B.S.: Con Benjamin yo creo que habría que analizar el problema desde varias perspectivas: está la irritante moda Benjamin que se acentuó con el cincuentenario de su muerte y con la publicación del libro Los Pasajes, el de la recopilación de sus fichas. Salieron en alemán y fueron rápidamente traducidas al italiano. Ahora están siendo traducidas al portugués y verdaderamente constituyeron un libro inexistente y esperado al mismo tiempo. Los Pasajes es lo que uno podría llamar los Grundrisse de Marx, es decir, el libro no terminado, el tercer tomo de El capital no terminado. Es un libro de fragmentos y, por supuesto, es innegable que la publicación póstuma, tardía e intempestiva de esas citas volvió a focalizar muy fuertemente la atención sobre Benjamin. Un redescrubrimiento en español casi al mismo tiempo que el redescubrimiento europeo.

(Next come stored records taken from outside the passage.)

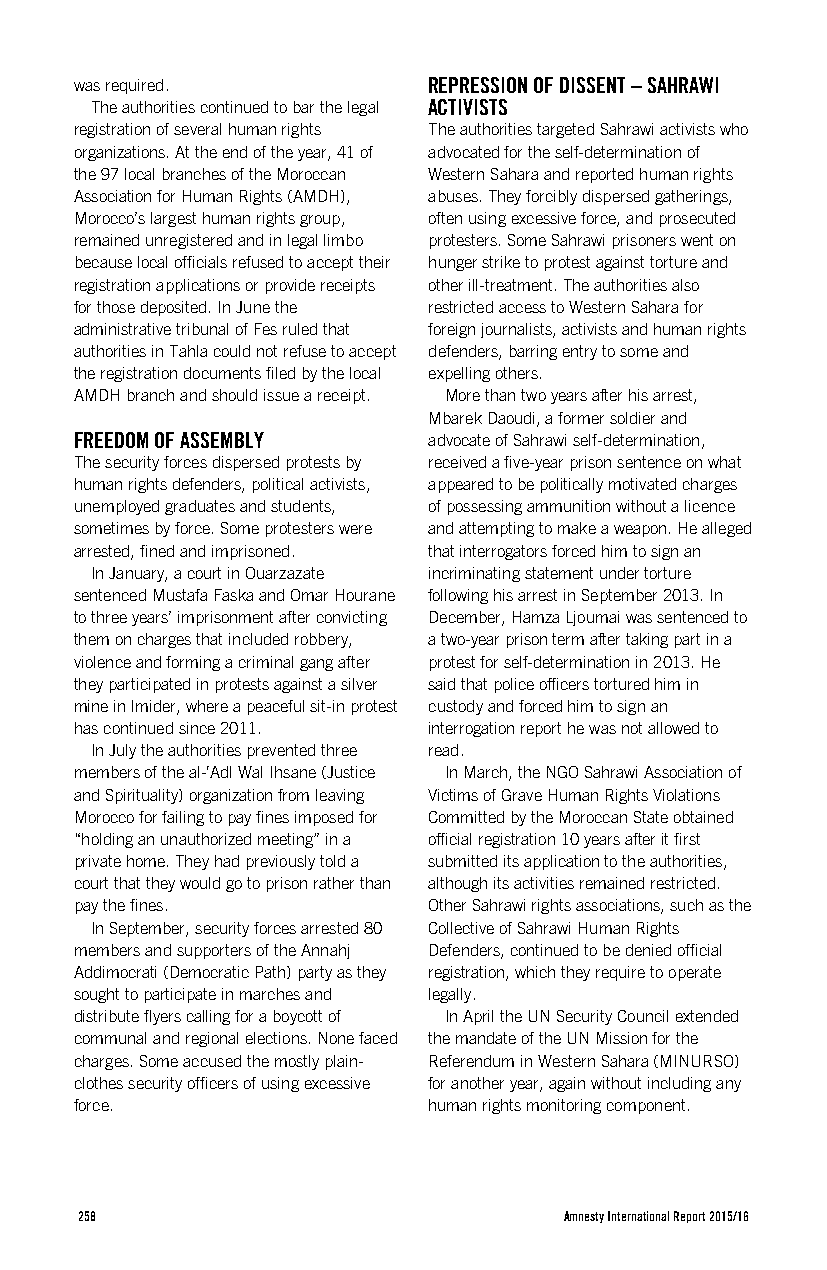
was required.          REPRESSION OF DISSENT – SAHRAWI
 The authorities continued to bar the legal ACTIVISTS
 registration of several human rights The authorities targeted Sahrawi activists who
 organizations. At the end of the year, 41 of advocated for the self-determination of
 the 97 local branches of the Moroccan Western Sahara and reported human rights
 Association for Human Rights (AMDH), abuses. They forcibly dispersed gatherings,
 Morocco’s largest human rights group, often using excessive force, and prosecuted
 remained unregistered and in legal limbo protesters. Some Sahrawi prisoners went on
 because local officials refused to accept their hunger strike to protest against torture and
 registration applications or provide receipts other ill-treatment. The authorities also
 for those deposited. In June the restricted access to Western Sahara for
 administrative tribunal of Fes ruled that foreign journalists, activists and human rights
 authorities in Tahla could not refuse to accept defenders, barring entry to some and
 the registration documents filed by the local expelling others.
 AMDH branch and should issue a receipt. More than two years after his arrest,
 Mbarek Daoudi, a former soldier and
 FREEDOM OF ASSEMBLY    advocate of Sahrawi self-determination,
 The security forces dispersed protests by received a five-year prison sentence on what
 human rights defenders, political activists, appeared to be politically motivated charges
 unemployed graduates and students, of possessing ammunition without a licence
 sometimes by force. Some protesters were and attempting to make a weapon. He alleged
 arrested, fined and imprisoned. that interrogators forced him to sign an
 In January, a court in Ouarzazate incriminating statement under torture
 sentenced Mustafa Faska and Omar Hourane following his arrest in September 2013. In
 to three years’ imprisonment after convicting December, Hamza Ljoumai was sentenced to
 them on charges that included robbery, a two-year prison term after taking part in a
 violence and forming a criminal gang after protest for self-determination in 2013. He
 they participated in protests against a silver said that police officers tortured him in
 mine in Imider, where a peaceful sit-in protest custody and forced him to sign an
 has continued since 2011. interrogation report he was not allowed to
 In July the authorities prevented three read.
 members of the al-‘Adl Wal Ihsane (Justice In March, the NGO Sahrawi Association of
 and Spirituality) organization from leaving Victims of Grave Human Rights Violations
 Morocco for failing to pay fines imposed for Committed by the Moroccan State obtained
 “holding an unauthorized meeting” in a official registration 10 years after it first
 private home. They had previously told a submitted its application to the authorities,
 court that they would go to prison rather than although its activities remained restricted.
 pay the fines.         Other Sahrawi rights associations, such as the
 In September, security forces arrested 80 Collective of Sahrawi Human Rights
 members and supporters of the Annahj Defenders, continued to be denied official
 Addimocrati (Democratic Path) party as they registration, which they require to operate
 sought to participate in marches and legally.
 distribute flyers calling for a boycott of In April the UN Security Council extended
 communal and regional elections. None faced the mandate of the UN Mission for the
 charges. Some accused the mostly plain- Referendum in Western Sahara (MINURSO)
 clothes security officers of using excessive for another year, again without including any
 force.                 human rights monitoring component.
 258                             Amnesty International Report 2015/16

Por lo que he hablado con intelectuales alemanes, también hubo aquí un redescubrimiento de Benjamin en la década del setenta. Benjamin, a diferencia de Adorno que había vuelto a Alemania y había sido profesor en la universidad alemana, había muerto. Para gente de mi generación fue importantísimo en ese momento, aunque no toda la obra de Benjamin, que no conocíamos y probablemente no podíamos entender. Yo creo que no podía entender un libro que todavía hoy me resulta extremadamente difícil: aquel sobre el Trauerspiel. Yo estaba lejos de entender nada de eso a comienzos de la década del setenta. El Benjamin que para mí y para la gente jóven fue el impacto, fue el Benjamin de La obra de arte en la época de la reproducibilidad técnica. A través de este libro y del de los comentarios sobre Brecht, que en español se tradujo como Iluminaciones III, y de París, capital del siglo XIX, en ese orden, entramos a Benjamin.

La obra de arte en la época de la reproducibilidad técnica, que leí en una edición francesa, me permitió aquello que queríamos pensar en ese momento, que no era sólo la literatura, sino que era pensar ciertas características del cine, ciertos problemas de audiencia. Después, las Iluminaciones sobre Brecht, porque Brecht era para nosotros en ese momento un personaje muchísimo más central que Benjamin: sin haber visto nunca una puesta del Berliner Ensamble nosotros sabíamos que eso existía, teníamos fotos, habíamos leído todos los textos teóricos de Brecht, los textos sobre teatro, los textos sobre propiedad de los medios de producción artísticos. Desde mediados de los años cincuenta se ponían regularmente en Buenos Aires obras de Brecht, aunque de manera no muy brechtiana, es decir, se ponían de una manera más bien realista y comprometida, pero bueno, las habíamos visto. Luego en los sesenta hubo algunas puestas importantes para la gente de mi generación.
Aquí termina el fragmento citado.